SOURCE MATERIAL
━━━━━━━━━━━━━━━━━━━━━━━━━━━━━━
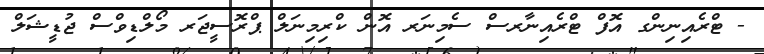
- ޓްރެއިނިންގ އޮފް ޓްރެއިނާރސް ސެމިނަރ އޮން ކްރިމިނަލް ޕްރޮސީޖަރ މޯލްޑިވްސް ޖުޑީޝަލް
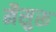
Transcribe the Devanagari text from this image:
मैसुरू
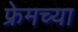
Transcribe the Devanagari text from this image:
फ्रेमच्या
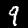
Label: 9
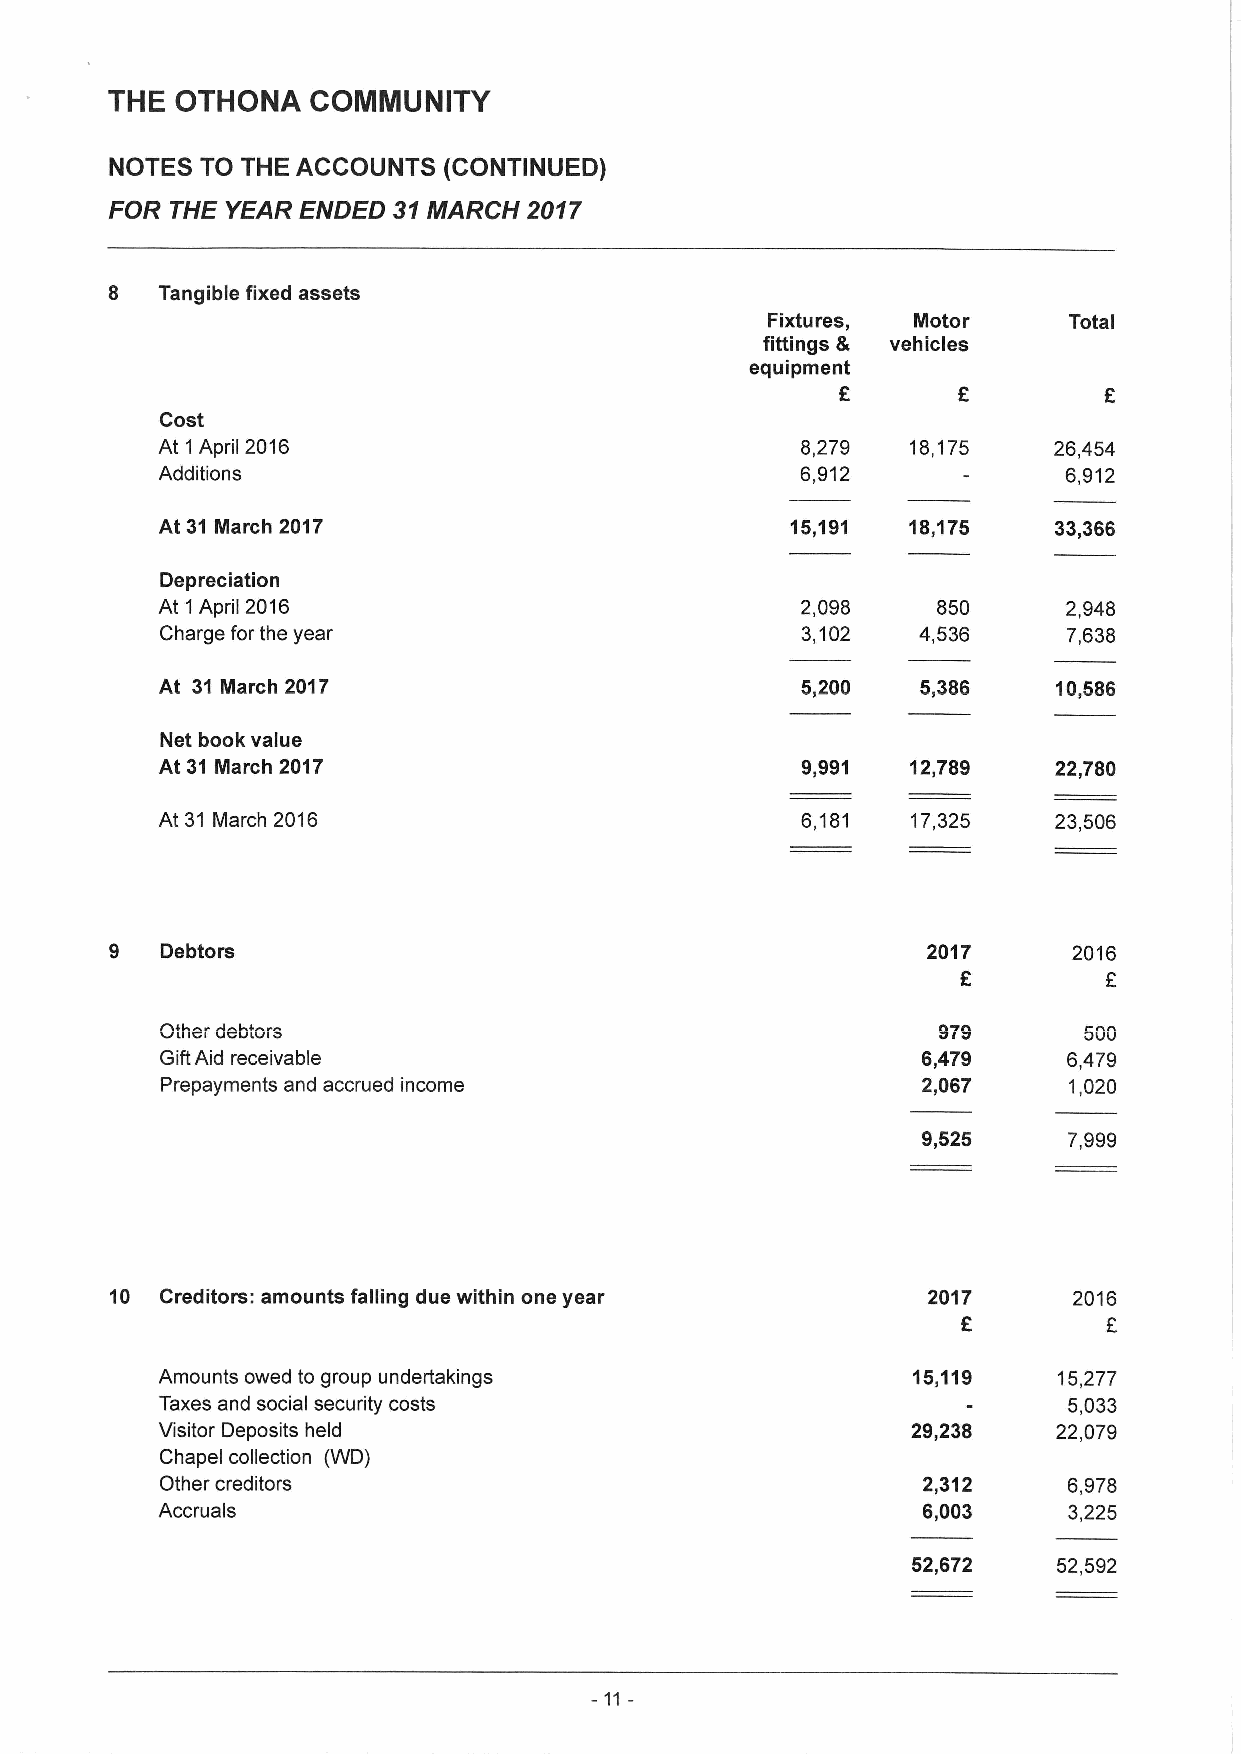
THE  OTHONA   COMMUNITY
 NOTES TO THE ACCOUNTS (CONTINUED)
 FOR THE YEAR ENDED 31MARCH  2017
 8   Tangible fixed assets
 Fixtures, Motor     Total
 fittings & vehicles
 equipment
 E
 Cost
 At 1April 2016                             8,279  18,175    26,454
 Additions                                  6,912             6,912
 At 31 March 2017                          15,191  18,175    33,366
 Depreciation
 At 1 April 2016                            2,098    850      2,948
 Charge for the year                       3,102   4,536     7,638
 At 31 March 2017                          5,200   5,386    10,586
 Net book value
 At 31 March 2017                           9,991  12,789    22,780
 At 31 March 2016                           6,181  17,325    23,506
 9   Debtors                                           2017      2016
 F
 Other debtors                                      979       500
 GiftAid receivable                                6,479     6,479
 Prepayments and accrued income                    2,067     1,020
 9,525     7,999
 10  Creditors: amounts falling due within one year    2017      2016
 F
 Amounts owed to group undertakings                15,119    15,277
 Taxes and social security costs                             5,033
 Visitor Deposits held                             29,238    22,079
 Chapel collection (WD)
 Other creditors                                   2312      6,978
 Accruals                                           6,003     3,225
 52,672    52,592
 -11-
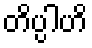
တိပ္ပါဟိ
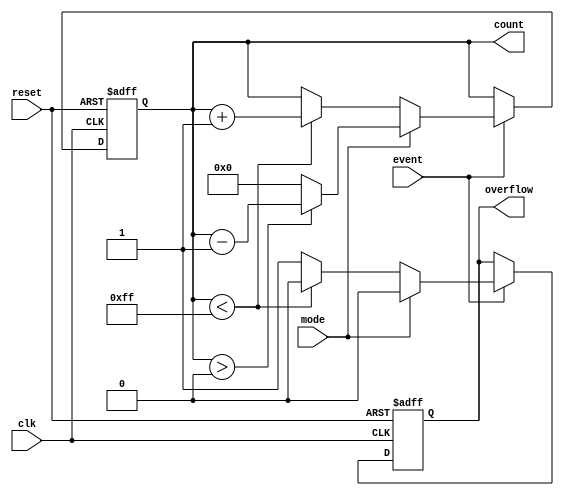
module EventCounter #(
    parameter COUNTER_WIDTH = 8 // Parameter to set the bit-width of the counter
) (
    input wire clk,              // Clock signal
    input wire reset,            // Reset signal
    input wire event,            // Event signal to trigger counting
    input wire mode,             // Mode control: 0 for up, 1 for down
    output reg [COUNTER_WIDTH-1:0] count, // Current count value
    output reg overflow          // Overflow signal
);

    // Initialize count and overflow
    initial begin
        count = 0;
        overflow = 0;
    end

    always @(posedge clk or posedge reset) begin
        if (reset) begin
            count <= 0;           // Reset count to zero
            overflow <= 0;        // Clear overflow signal
        end else if (event) begin
            if (mode == 1'b0) begin // Up counting
                if (count < (2**COUNTER_WIDTH - 1)) begin
                    count <= count + 1; // Increment count
                    overflow <= 0;      // Clear overflow signal
                end else begin
                    overflow <= 1;      // Set overflow signal
                end
            end else begin // Down counting
                if (count > 0) begin
                    count <= count - 1; // Decrement count
                    overflow <= 0;       // Clear overflow signal
                end else begin
                    count <= 0;          // Prevent negative count
                    overflow <= 0;       // Clear overflow signal
                end
            end
        end
    end
endmodule
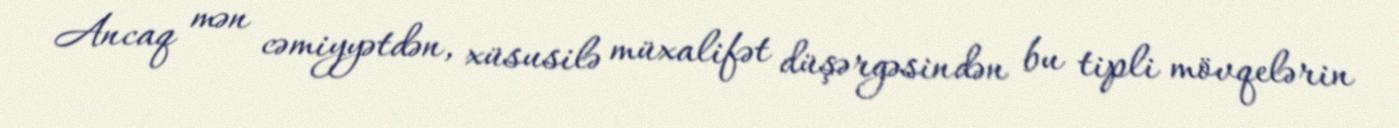
Ancaq mən cəmiyyətdən, xüsusilə müxalifət düşərgəsindən bu tipli mövqelərin
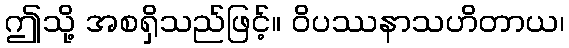
ဤသို့ အစရှိသည်ဖြင့်။ ဝိပဿနာသဟိတာယ၊
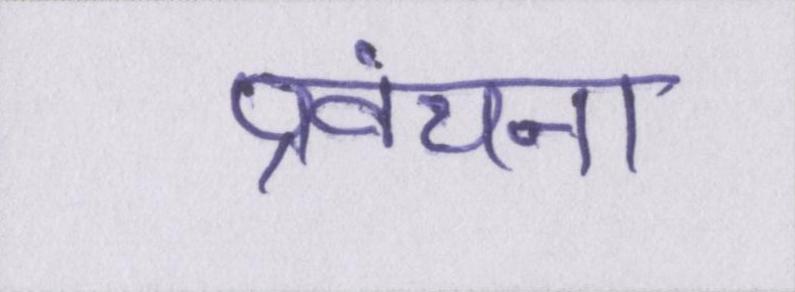
प्रवंचना
━━━━━━━━━━━━━━━━━━━━━━━━━━━━━━
EXERCISE PROMPT
All of the records need to be reproduced exactly, with each picture omitted.

TASK RESULT
- ޓްރެއިނިންގ އޮފް ޓްރެއިނާރސް ސެމިނަރ އޮން ކްރިމިނަލް ޕްރޮސީޖަރ މޯލްޑިވްސް ޖުޑީޝަލް
Transcribe the Devanagari text from this image:
मैसुरू
Transcribe the Devanagari text from this image:
फ्रेमच्या
Label: 9
THE  OTHONA   COMMUNITY
 NOTES TO THE ACCOUNTS (CONTINUED)
 FOR THE YEAR ENDED 31MARCH  2017
 8   Tangible fixed assets
 Fixtures, Motor     Total
 fittings & vehicles
 equipment
 E
 Cost
 At 1April 2016                             8,279  18,175    26,454
 Additions                                  6,912             6,912
 At 31 March 2017                          15,191  18,175    33,366
 Depreciation
 At 1 April 2016                            2,098    850      2,948
 Charge for the year                       3,102   4,536     7,638
 At 31 March 2017                          5,200   5,386    10,586
 Net book value
 At 31 March 2017                           9,991  12,789    22,780
 At 31 March 2016                           6,181  17,325    23,506
 9   Debtors                                           2017      2016
 F
 Other debtors                                      979       500
 GiftAid receivable                                6,479     6,479
 Prepayments and accrued income                    2,067     1,020
 9,525     7,999
 10  Creditors: amounts falling due within one year    2017      2016
 F
 Amounts owed to group undertakings                15,119    15,277
 Taxes and social security costs                             5,033
 Visitor Deposits held                             29,238    22,079
 Chapel collection (WD)
 Other creditors                                   2312      6,978
 Accruals                                           6,003     3,225
 52,672    52,592
 -11-
တိပ္ပါဟိ
module EventCounter #(
    parameter COUNTER_WIDTH = 8 // Parameter to set the bit-width of the counter
) (
    input wire clk,              // Clock signal
    input wire reset,            // Reset signal
    input wire event,            // Event signal to trigger counting
    input wire mode,             // Mode control: 0 for up, 1 for down
    output reg [COUNTER_WIDTH-1:0] count, // Current count value
    output reg overflow          // Overflow signal
);

    // Initialize count and overflow
    initial begin
        count = 0;
        overflow = 0;
    end

    always @(posedge clk or posedge reset) begin
        if (reset) begin
            count <= 0;           // Reset count to zero
            overflow <= 0;        // Clear overflow signal
        end else if (event) begin
            if (mode == 1'b0) begin // Up counting
                if (count < (2**COUNTER_WIDTH - 1)) begin
                    count <= count + 1; // Increment count
                    overflow <= 0;      // Clear overflow signal
                end else begin
                    overflow <= 1;      // Set overflow signal
                end
            end else begin // Down counting
                if (count > 0) begin
                    count <= count - 1; // Decrement count
                    overflow <= 0;       // Clear overflow signal
                end else begin
                    count <= 0;          // Prevent negative count
                    overflow <= 0;       // Clear overflow signal
                end
            end
        end
    end
endmodule
Ancaq mən cəmiyyətdən, xüsusilə müxalifət düşərgəsindən bu tipli mövqelərin
ဤသို့ အစရှိသည်ဖြင့်။ ဝိပဿနာသဟိတာယ၊
प्रवंचना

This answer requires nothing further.